If $m > 0$, fix a reduced residue system $r_{1}, r_2, \dotsc, r_{\varphi(m)} $ mod $ m$. Let $x=r_1+r_2+\dotsb+r_{\varphi(m)}$. What is $x$ mod $m$?

Question

Given $m > 0$, fix a reduced residue system (RRS) $r_{1}, r_2,\dotsc , r_{\varphi(m)} $ mod $ m$. Let $x$ denote the sum $r_1 + r_2 + \dotsb + r_{\varphi(m)}$. What is $x$ mod $m$?

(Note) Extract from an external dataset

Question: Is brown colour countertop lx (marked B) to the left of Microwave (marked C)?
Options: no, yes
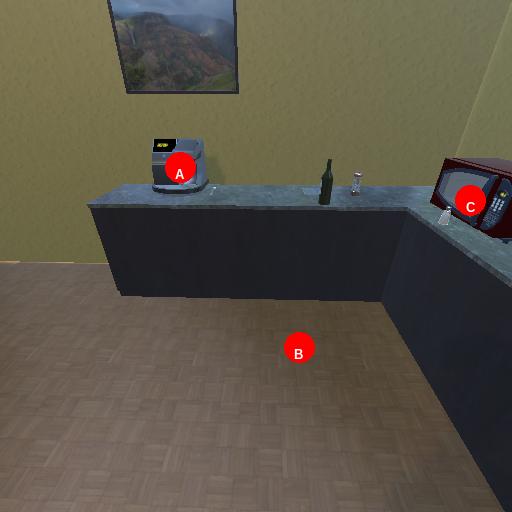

The problem is that I'm stuck. So suppose that $m = 2k + 1$. Then the RRS would include an even number of elements since all even numbers are relatively prime to $m$. But I don't know what to do with this information and I also don't know how to solve for if $m$ is even. Any help will be appreciated.

Answer 1

Hint:

If $r_i$ is a reduced residue modulo $m$, then so is $-r_i$. Moreover $\phi(m)$ is even for $m \geq 3$. So can you pair things up in the sum?

Answer 2

Let the reduced residue system $r_{1}, r_2, \dotsc , r_{\varphi(m)}\pmod m$ be in ascending order.

Note: $r_1=1$, $r_{\varphi(m)}=m-1\equiv-1\pmod{m}$, then $r_1+r_{\varphi(m)}\equiv0\pmod{m}$.

Now what can be said of $r_2$ and $r_{\varphi(m)-1}$?

Note: $\varphi(m)=m\prod_{p_i}\left(1-\frac1{p_i}\right)$, and is even for $m\ge3$.